* _What you have to do_: Whenever a picture appears in the listing below, leave it out, and copy exactly the lines from the one containing "4.2 s after image 1." through the end.

*** Data in this exercise Section Begins ***

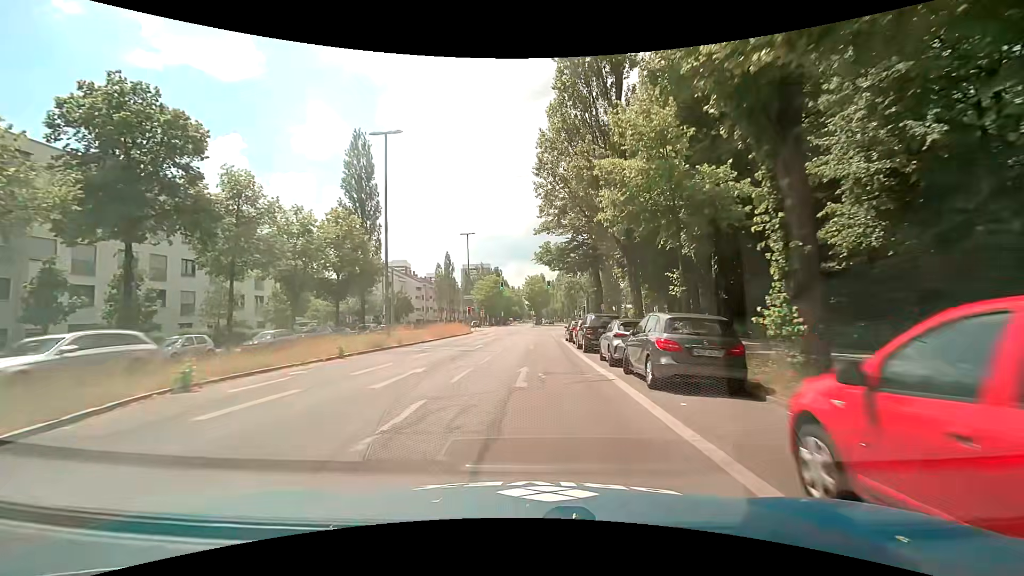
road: secondary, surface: asphalt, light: Day
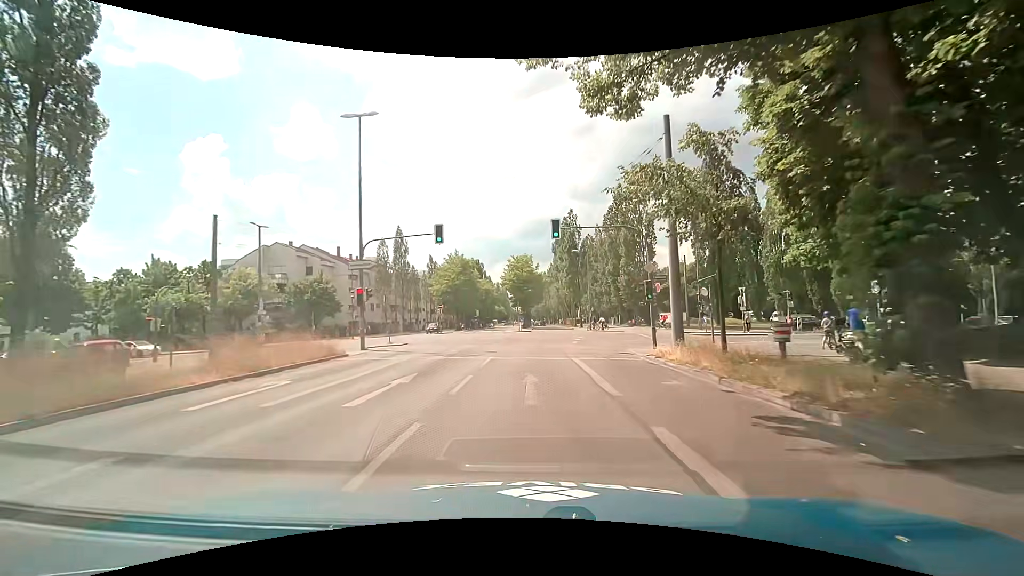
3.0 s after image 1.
(+0.1, +36.3) m; +1°
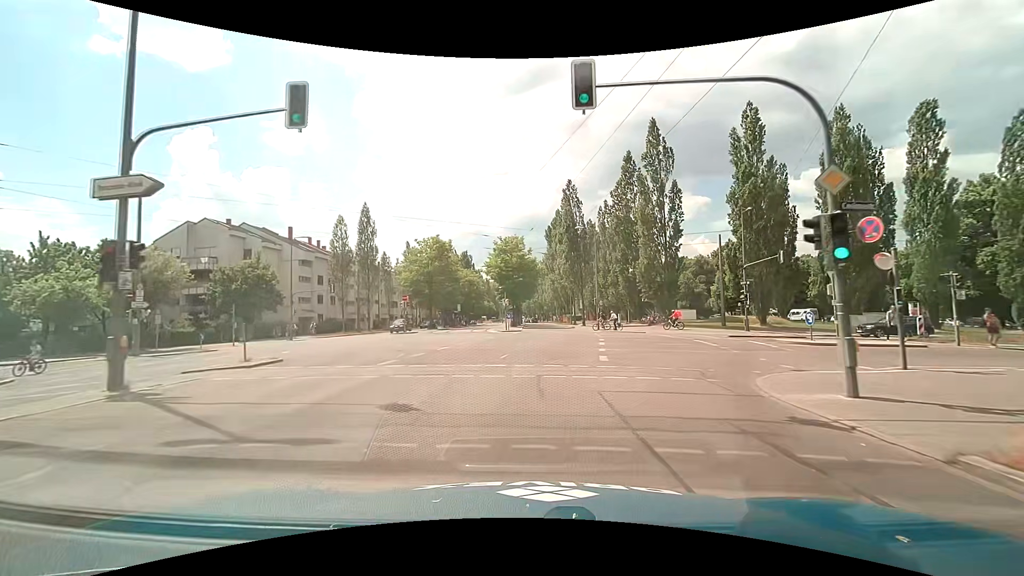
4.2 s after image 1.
(+0.1, +14.5) m; +2°
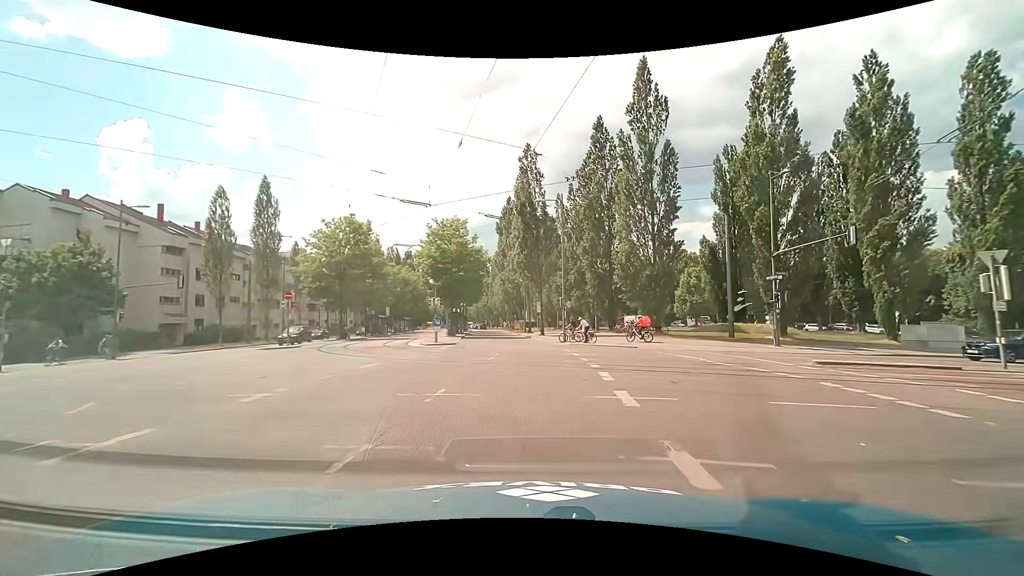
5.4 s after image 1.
(+0.4, +14.4) m; +5°
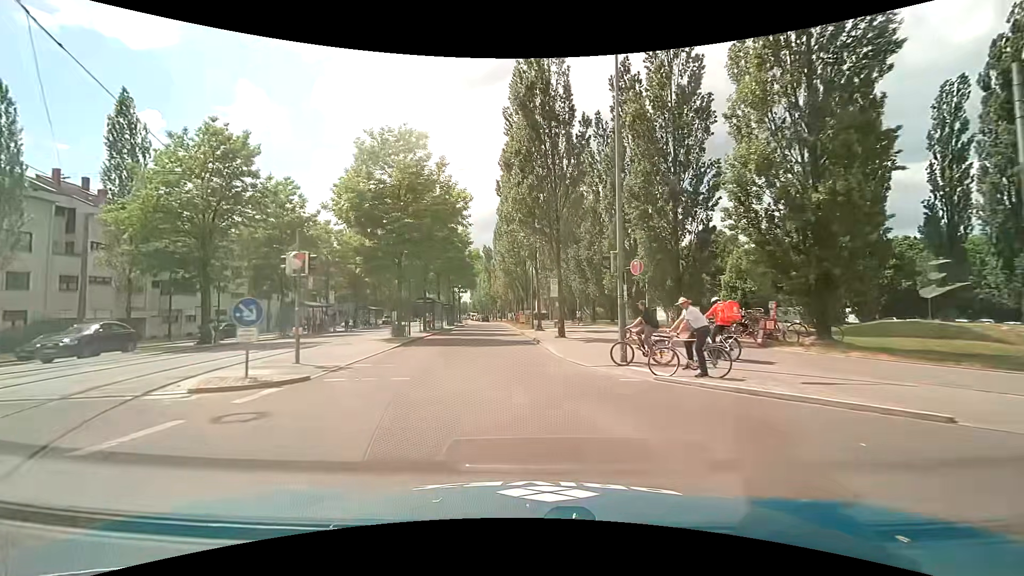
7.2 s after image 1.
(+0.3, +21.5) m; -1°
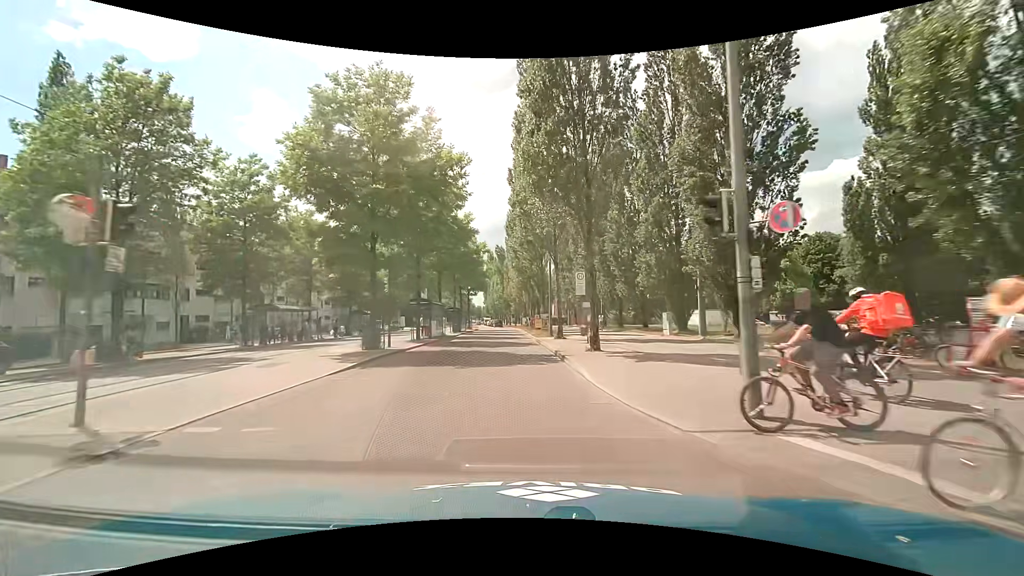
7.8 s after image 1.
(-0.1, +7.3) m; -2°
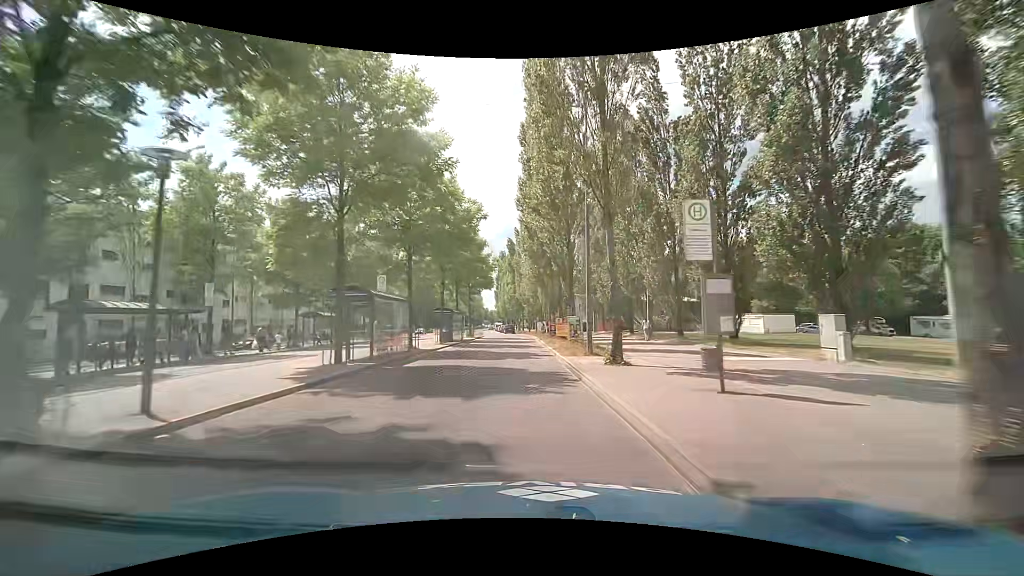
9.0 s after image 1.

*** Data in this exercise Section Ends ***

* _Response to this task_:
4.2 s after image 1.
(+0.1, +14.5) m; +2°
5.4 s after image 1.
(+0.4, +14.4) m; +5°
7.2 s after image 1.
(+0.3, +21.5) m; -1°
7.8 s after image 1.
(-0.1, +7.3) m; -2°
9.0 s after image 1.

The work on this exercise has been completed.